[54] Seharusnya bahagia

21.3K 2.4K 274
                                    

Kau tak pernah tau betapa hati yakin untukmu
-int-
.
.
.
.
.
.
.
.
.
.
.

Resah
Payung Teduh

Impian gue selama bertahun-tahun akan terwujud beberapa menit lagi, setelah melewati rintangan yang cukup rumit, akhirnya gue sampai juga di puncak apa yang menjadi keinginan gue selama ini.

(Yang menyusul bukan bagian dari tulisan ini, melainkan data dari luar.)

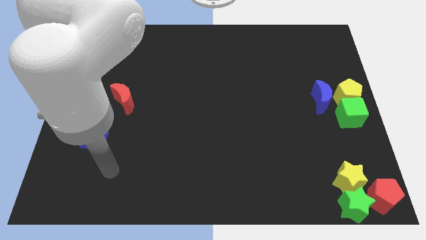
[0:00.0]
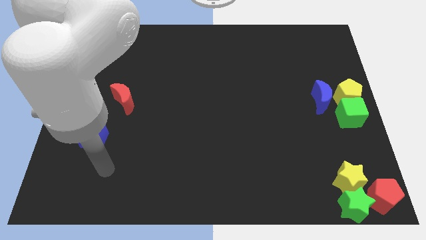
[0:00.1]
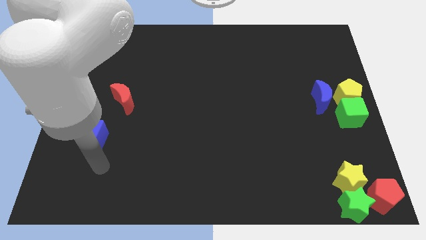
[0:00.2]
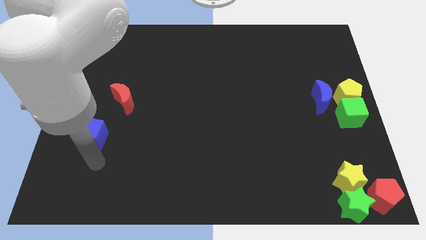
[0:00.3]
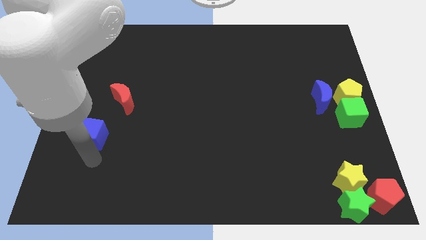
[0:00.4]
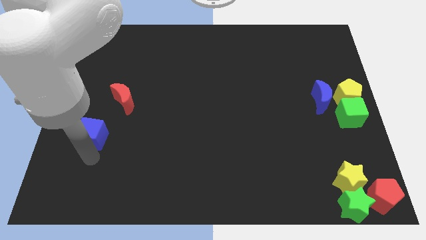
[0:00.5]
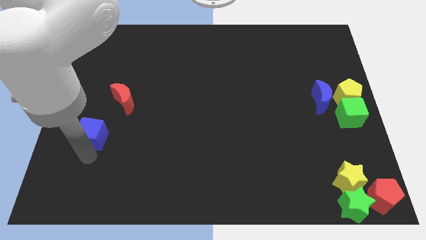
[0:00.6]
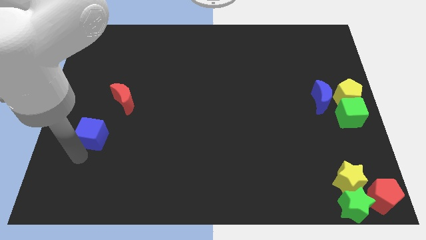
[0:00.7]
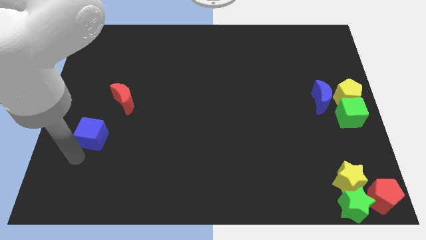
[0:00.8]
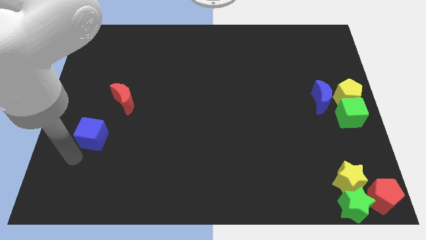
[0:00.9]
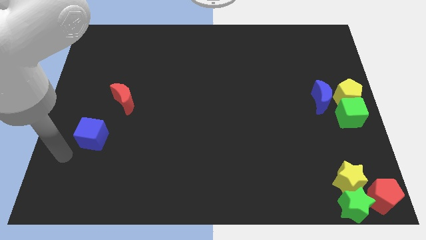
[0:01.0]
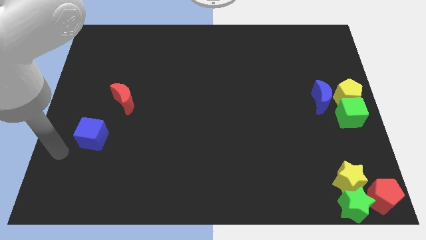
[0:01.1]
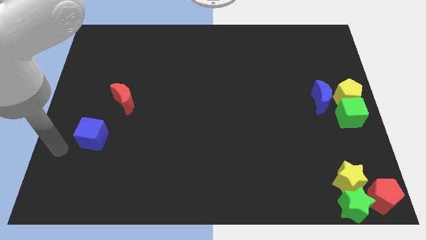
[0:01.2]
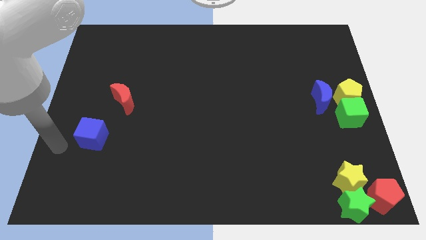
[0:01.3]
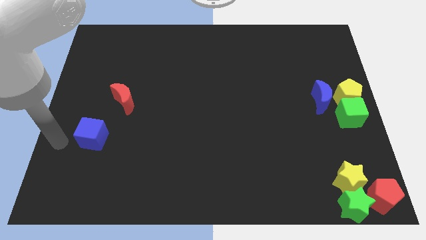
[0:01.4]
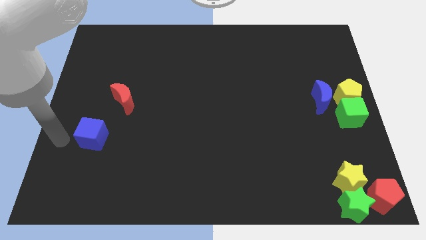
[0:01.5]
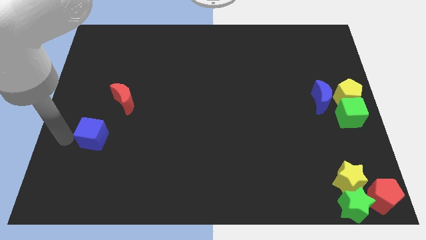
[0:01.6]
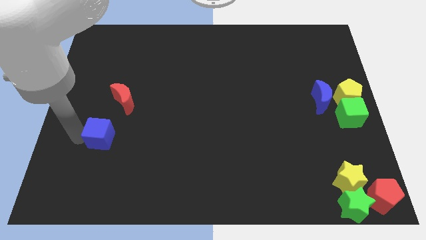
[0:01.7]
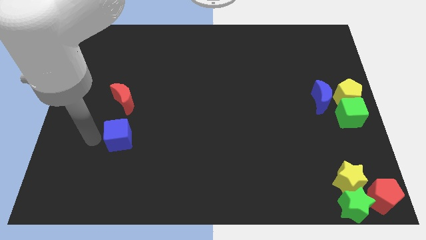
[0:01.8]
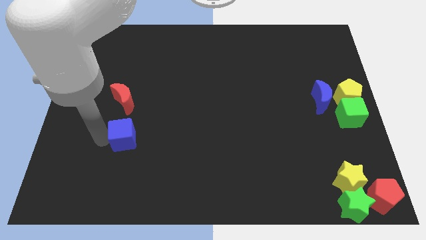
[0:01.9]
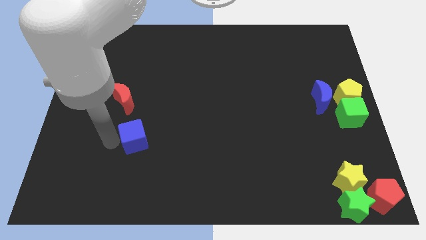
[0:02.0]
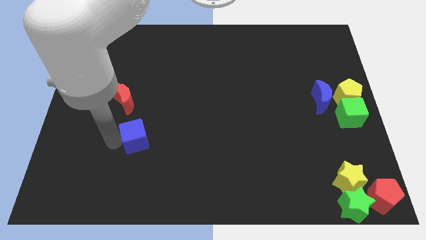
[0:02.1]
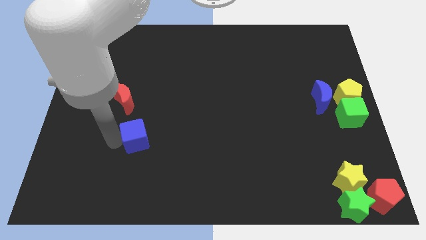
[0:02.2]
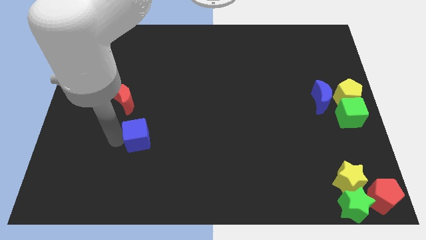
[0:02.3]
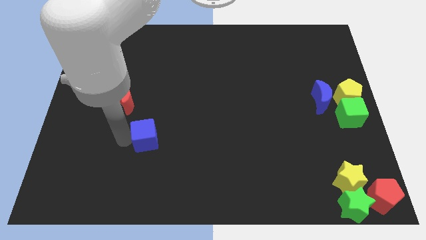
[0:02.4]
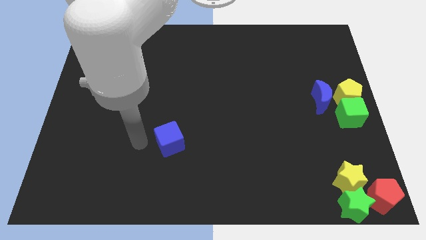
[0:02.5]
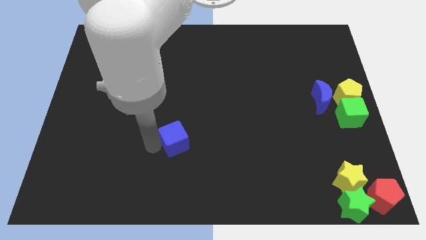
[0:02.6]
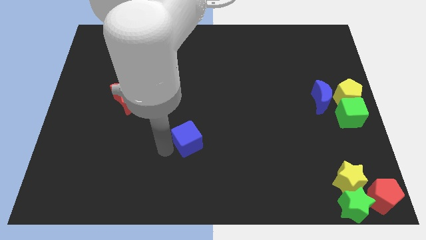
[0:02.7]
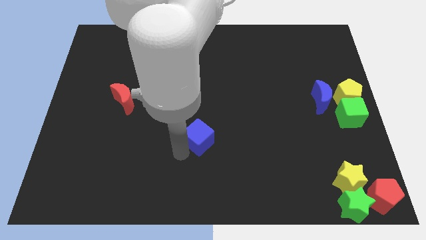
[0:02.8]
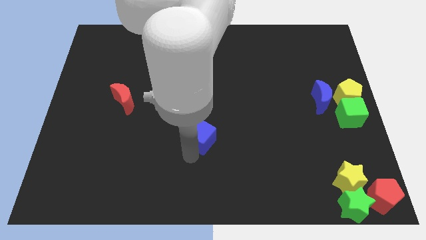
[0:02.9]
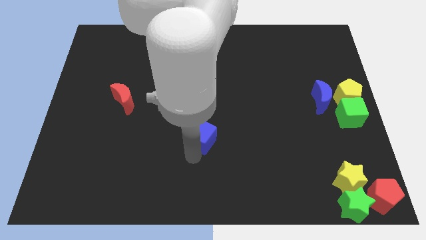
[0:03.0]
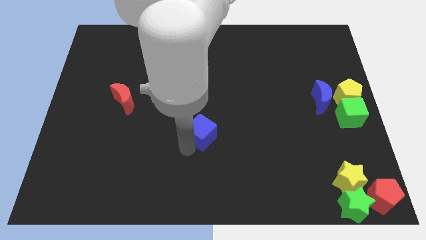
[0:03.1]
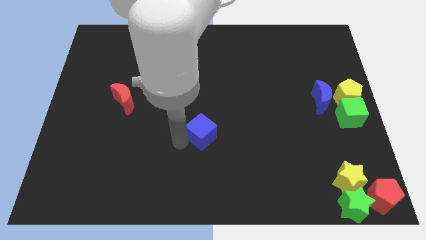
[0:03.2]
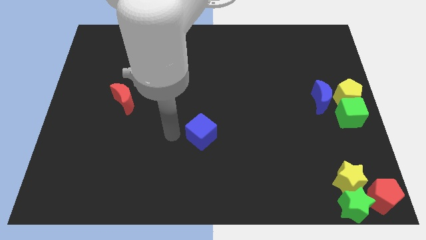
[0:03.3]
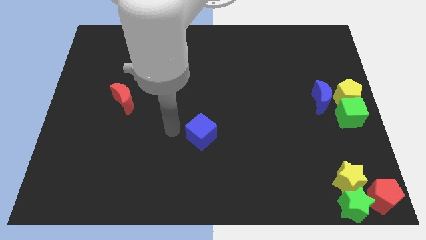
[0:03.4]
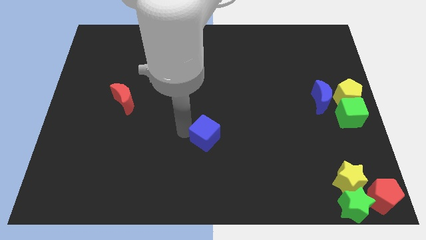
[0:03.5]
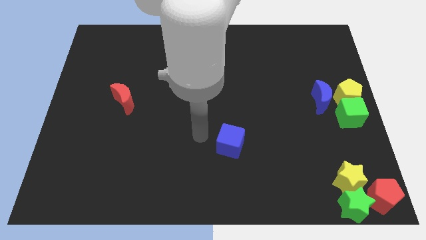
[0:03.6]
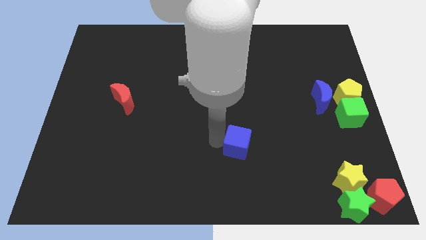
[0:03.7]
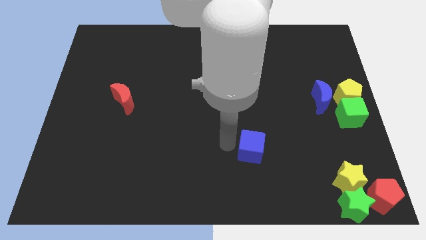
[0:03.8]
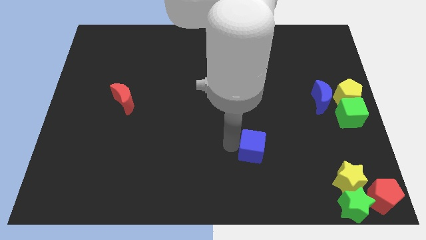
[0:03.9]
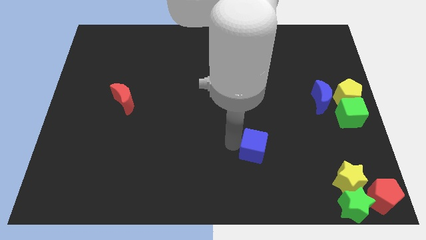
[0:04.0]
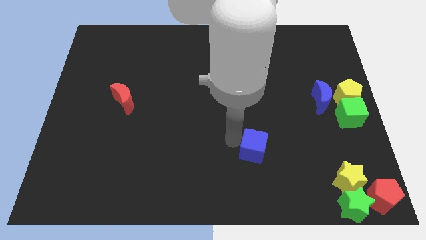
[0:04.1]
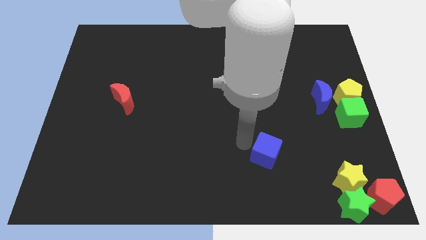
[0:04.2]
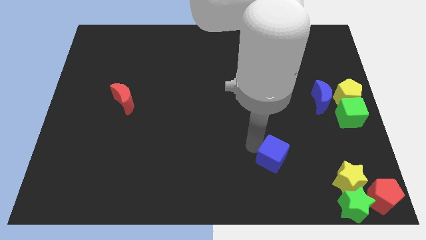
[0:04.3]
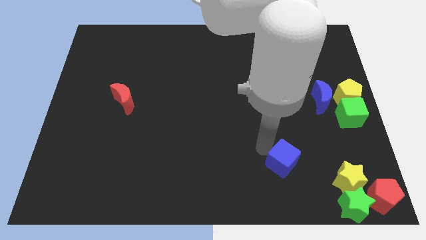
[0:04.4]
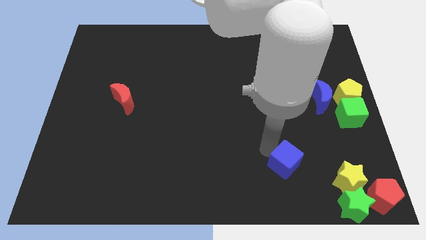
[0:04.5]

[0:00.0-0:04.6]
push the blue cube towards the top left side of the yellow star

Harusnya gue bahagia sih, tapi alasan Kak Fariz mau ngelakuin semua ini terus aja berputar-putar di kepala gue.

"Ingat La, dia setuju untuk nikah bukan karena lo" gumam gue.

"Hah? ngomong apa tadi?" tanya Kanaya, yang mendapat tugas untuk mengatur make up gue hari ini.

Acara hari ini ga jauh-jauh dari campur tangan teman sekelas gue saat SMA dulu, dress dibuatin designer pribadi alias Firah, model hijab si Aini yang atur, sedangkan tema dan pendekoran ruangan hotel diketuai oleh Aisy yang dari SMA telah berbakat dalam hal itu.

"Nggak penting" ucap gue sembari memainkan ponsel.

"Ga nyangka ya, lo udah mau nyusul gue sama Aza yang nikah bareng kakel idamannya. Gue juga bilang apa, pasti suatu saat lo akan bersatu dengan Kak Fariz"

"Hm"

"Kenapa sih mukanya murung gitu? gue udah capek-capek makeup-in lo yah, senyum dong"

Gue menarik sudut bibir ke samping dengan muka malas.

Kanaya memukul pelan bahu gue kemudian tertawa pelan."Kalo senyumnya kayak gitu, lo keliatan ga ikhlas tau"

"Haiiii sahabat-sahabatku" sapa Aisy yang baru aja masuk ke kamar, disusul ama Zahra dari belakang.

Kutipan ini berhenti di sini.